Sebmono · sg-doc-holiday · Aug 28, 2025
diff --git a/dspy/evaluate/auto_evaluation.py b/dspy/evaluate/auto_evaluation.py
@@ -1,102 +1,64 @@
-from dspy.predict.chain_of_thought import ChainOfThought
-from dspy.primitives import Module
-from dspy.signatures import InputField, OutputField, Signature
-
-
-class SemanticRecallPrecision(Signature):
-    """
-    Compare a system's response to the ground truth to compute its recall and precision.
-    If asked to reason, enumerate key ideas in each response, and whether they are present in the other response.
-    """
-
-    question: str = InputField()
-    ground_truth: str = InputField()
-    system_response: str = InputField()
-    recall: float = OutputField(desc="fraction (out of 1.0) of ground truth covered by the system response")
-    precision: float = OutputField(desc="fraction (out of 1.0) of system response covered by the ground truth")
-
-
-class DecompositionalSemanticRecallPrecision(Signature):
-    """
-    Compare a system's response to the ground truth to compute recall and precision of key ideas.
-    You will first enumerate key ideas in each response, discuss their overlap, and then report recall and precision.
-    """
-
-    question: str = InputField()
-    ground_truth: str = InputField()
-    system_response: str = InputField()
-    ground_truth_key_ideas: str = OutputField(desc="enumeration of key ideas in the ground truth")
-    system_response_key_ideas: str = OutputField(desc="enumeration of key ideas in the system response")
-    discussion: str = OutputField(desc="discussion of the overlap between ground truth and system response")
-    recall: float = OutputField(desc="fraction (out of 1.0) of ground truth covered by the system response")
-    precision: float = OutputField(desc="fraction (out of 1.0) of system response covered by the ground truth")
-
-
-def f1_score(precision, recall):
-    precision, recall = max(0.0, min(1.0, precision)), max(0.0, min(1.0, recall))

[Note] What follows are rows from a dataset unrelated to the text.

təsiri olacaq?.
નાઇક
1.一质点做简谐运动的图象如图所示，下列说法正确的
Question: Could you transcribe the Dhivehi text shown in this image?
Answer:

-    return 0.0 if precision + recall == 0 else 2 * (precision * recall) / (precision + recall)
-
-
-class SemanticF1(Module):
-    def __init__(self, threshold=0.66, decompositional=False):
-        self.threshold = threshold
-
-        if decompositional:
-            self.module = ChainOfThought(DecompositionalSemanticRecallPrecision)
-        else:
-            self.module = ChainOfThought(SemanticRecallPrecision)
-
-    def forward(self, example, pred, trace=None):
-        scores = self.module(question=example.question, ground_truth=example.response, system_response=pred.response)
-        score = f1_score(scores.precision, scores.recall)
-
-        return score if trace is None else score >= self.threshold
-
-
-
-###########
-
-
-class AnswerCompleteness(Signature):
-    """
-    Estimate the completeness of a system's responses, against the ground truth.

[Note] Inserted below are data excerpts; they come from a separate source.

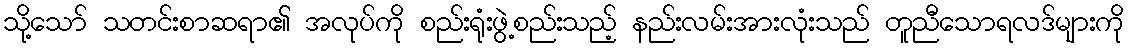
သို့သော် သတင်းစာဆရာ၏ အလုပ်ကို စည်းရုံးဖွဲ့စည်းသည့် နည်းလမ်းအားလုံးသည် တူညီသောရလဒ်များကို
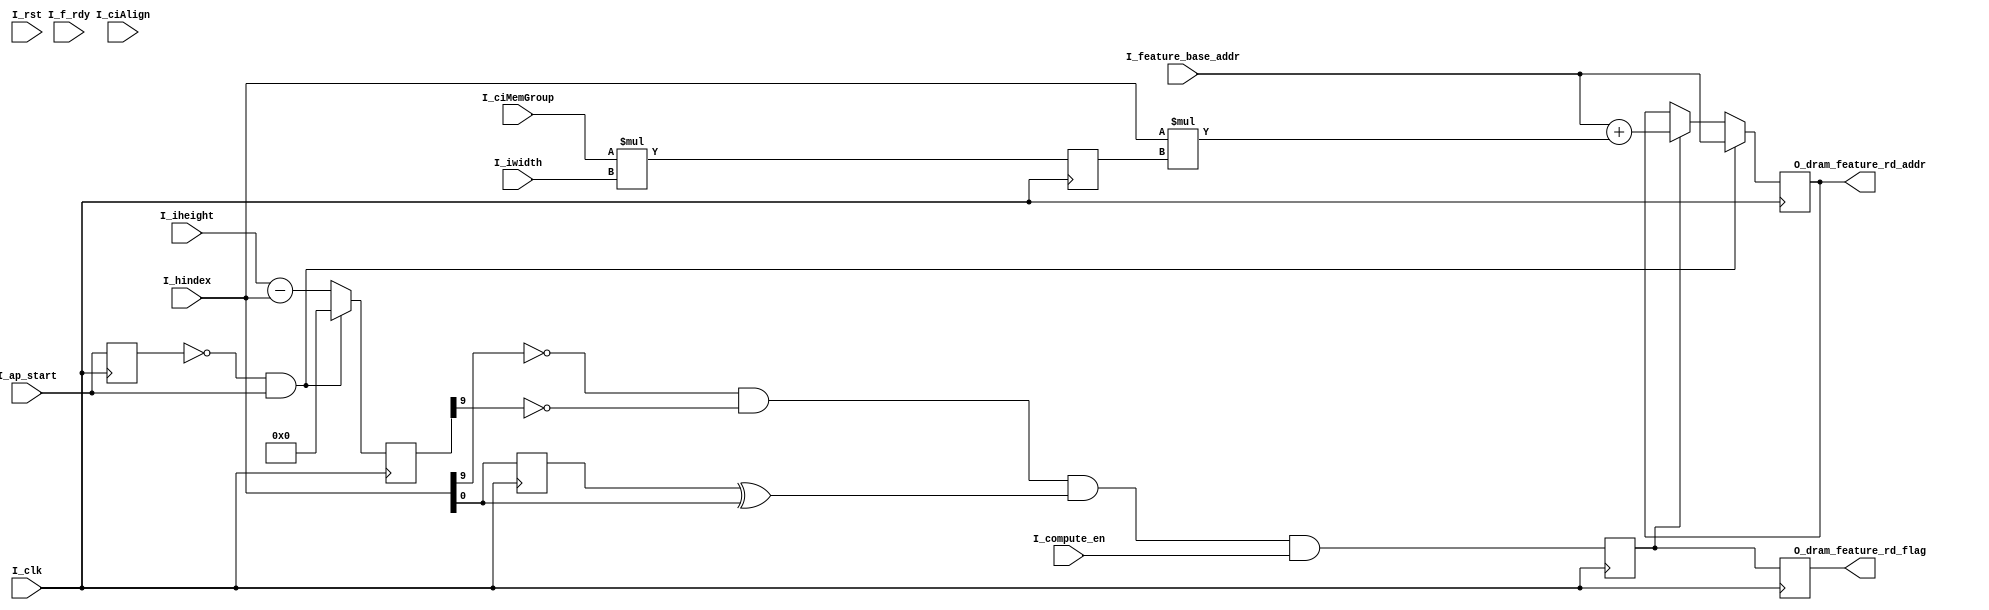
`timescale 1ns / 1ps

module DRAMFeatureRdAddr#(
    parameter                  W_WIDTH     = 10,
    parameter                  LITEWIDTH   = 32,
    parameter                  DEPTHWIDTH  = 9,
    parameter                  AXIWIDTH    = 128
)(
    input                          I_clk,
    input                          I_rst,
    input                          I_ap_start,
    input                          I_f_rdy,
    input       [DEPTHWIDTH:0]     I_ciAlign,
    input       [DEPTHWIDTH-1:0]   I_ciMemGroup,
    input       [LITEWIDTH-1:0]    I_feature_base_addr,
    input       [W_WIDTH-1:0]      I_hindex,
    input                          I_compute_en,
    input       [W_WIDTH-1:0]      I_iheight,
    input       [W_WIDTH-1:0]      I_iwidth,
    output reg  [LITEWIDTH-1:0]    O_dram_feature_rd_addr,
    output reg                     O_dram_feature_rd_flag
    );
    
   reg                         S_ap_start       = 0;
   reg                         S_f_rdy          = 0;
   reg                         S_ap_start_d1    = 0;
   reg      [LITEWIDTH-1:0]    S_base_addr_buf0 = 0;
   reg      [LITEWIDTH-1:0]    S_base_addr_buf1 = 0;
   reg                         S_buf_ch         = 0;
   
   always@ (posedge I_clk)
   begin
       S_ap_start <= I_ap_start;
       S_ap_start_d1 <= S_ap_start;
       
       if (!S_ap_start_d1 && S_ap_start && !I_compute_en)
           S_buf_ch <= 1'b0;
       else if(!S_ap_start_d1 && S_ap_start)
           S_buf_ch <= !S_buf_ch;
           
       if (S_ap_start_d1 && !S_ap_start && !S_buf_ch)
           S_base_addr_buf0 <= I_feature_base_addr;
           
       if (S_ap_start_d1 && !S_ap_start && S_buf_ch)
           S_base_addr_buf1 <= I_feature_base_addr;
   end
   
    
   reg      [W_WIDTH-1:0]      S_minus_h         = 0;
   reg      [W_WIDTH-1:0]      S_hindex          = 0;
   reg                         S_load_flag       = 0;
   reg      [W_WIDTH+5:0]      S_linewidth_div16 = 0;
   
   always@ (posedge I_clk)
   begin
       S_hindex <= I_hindex;
       
       if (~S_ap_start && I_ap_start)
           S_minus_h <= 'd0;
       else 
           S_minus_h <= I_iheight - I_hindex;
           
       S_load_flag <= !I_hindex[W_WIDTH-1] && !S_minus_h[W_WIDTH-1] && (S_hindex[0]^I_hindex[0]) && I_compute_en;
   end
    
   always@ (posedge I_clk)
   begin
       S_linewidth_div16 <= I_ciMemGroup*I_iwidth;
       O_dram_feature_rd_flag <= S_load_flag;
//       O_dram_feature_rd_flag <= !S_f_rdy && I_f_rdy;
   
//       if (~S_ap_start && I_ap_start)
//           O_dram_feature_rd_addr <= 'd0;
//       else if (S_load_flag && I_compute_en && S_buf_ch)
//           O_dram_feature_rd_addr <= S_base_addr_buf0 + I_hindex*S_linewidth_div16;
//       else if (S_load_flag && I_compute_en && !S_buf_ch)
//           O_dram_feature_rd_addr <= S_base_addr_buf1 + I_hindex*S_linewidth_div16;
       S_f_rdy <= I_f_rdy;

        if (~S_ap_start && I_ap_start)
            O_dram_feature_rd_addr <= I_feature_base_addr;
//        else if (~S_f_rdy && I_f_rdy)
//            O_dram_feature_rd_addr <= O_dram_feature_rd_addr + I_iwidth;
        else if (S_load_flag)
            O_dram_feature_rd_addr <= I_feature_base_addr + I_hindex*S_linewidth_div16;
   end
endmodule

-    You will first enumerate key ideas in each response, discuss their overlap, and then report completeness.
-    """
-
-    question: str = InputField()
-    ground_truth: str = InputField()
-    system_response: str = InputField()
-    ground_truth_key_ideas: str = OutputField(desc="enumeration of key ideas in the ground truth")

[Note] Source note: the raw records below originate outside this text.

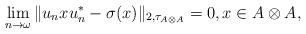
LaTeX: \begin{align*}\lim_{n\rightarrow\omega}\|u_n x u_n^*- \sigma(x)\|_{2,\tau_{A\otimes A}}=0,x\in A\otimes A,\end{align*}
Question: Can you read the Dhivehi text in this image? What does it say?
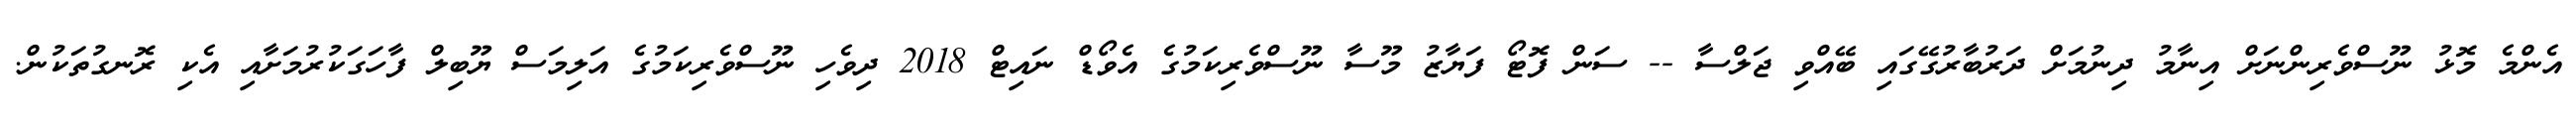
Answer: އެންމެ މޮޅު ނޫސްވެރިންނަށް އިނާމު ދިނުމަށް ދަރުބާރުގޭގައި ބޭއްވި ޖަލްސާ -- ސަން ފޮޓޯ ފަޔާޒު މޫސާ ނޫސްވެރިކަމުގެ އެވޯޑް ނައިޓް 2018 ދިވެހި ނޫސްވެރިކަމުގެ އަލިމަސް ޔޫބިލް ފާހަގަކުރުމަށާއި އެކި ރޮނގުތަކުން.
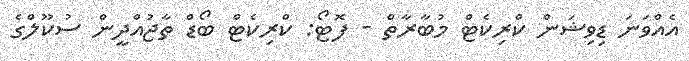
އެއްވަނަ ޑިވިޝަން ކްރިކެޓް މުބާރާތް - ފޮޓޯ: ކްރިކެޓް ބޯޑް ތާޖުއްދީން ސުކޫލްގެ

-    system_response_key_ideas: str = OutputField(desc="enumeration of key ideas in the system response")
-    discussion: str = OutputField(desc="discussion of the overlap between ground truth and system response")
-    completeness: float = OutputField(desc="fraction (out of 1.0) of ground truth covered by the system response")
-
-
-
-class AnswerGroundedness(Signature):
-    """
-    Estimate the groundedness of a system's responses, against real retrieved documents written by people.
-    You will first enumerate whatever non-trivial or check-worthy claims are made in the system response, and then
-    discuss the extent to which some or all of them can be deduced from the retrieved context and basic commonsense.
-    """
-
-    question: str = InputField()
-    retrieved_context: str = InputField()
-    system_response: str = InputField()
-    system_response_claims: str = OutputField(desc="enumeration of non-trivial or check-worthy claims in the system response")
-    discussion: str = OutputField(desc="discussion of how supported the claims are by the retrieved context")
-    groundedness: float = OutputField(desc="fraction (out of 1.0) of system response supported by the retrieved context")
-
-
-class CompleteAndGrounded(Module):
-    def __init__(self, threshold=0.66):
-        self.threshold = threshold
-        self.completeness_module = ChainOfThought(AnswerCompleteness)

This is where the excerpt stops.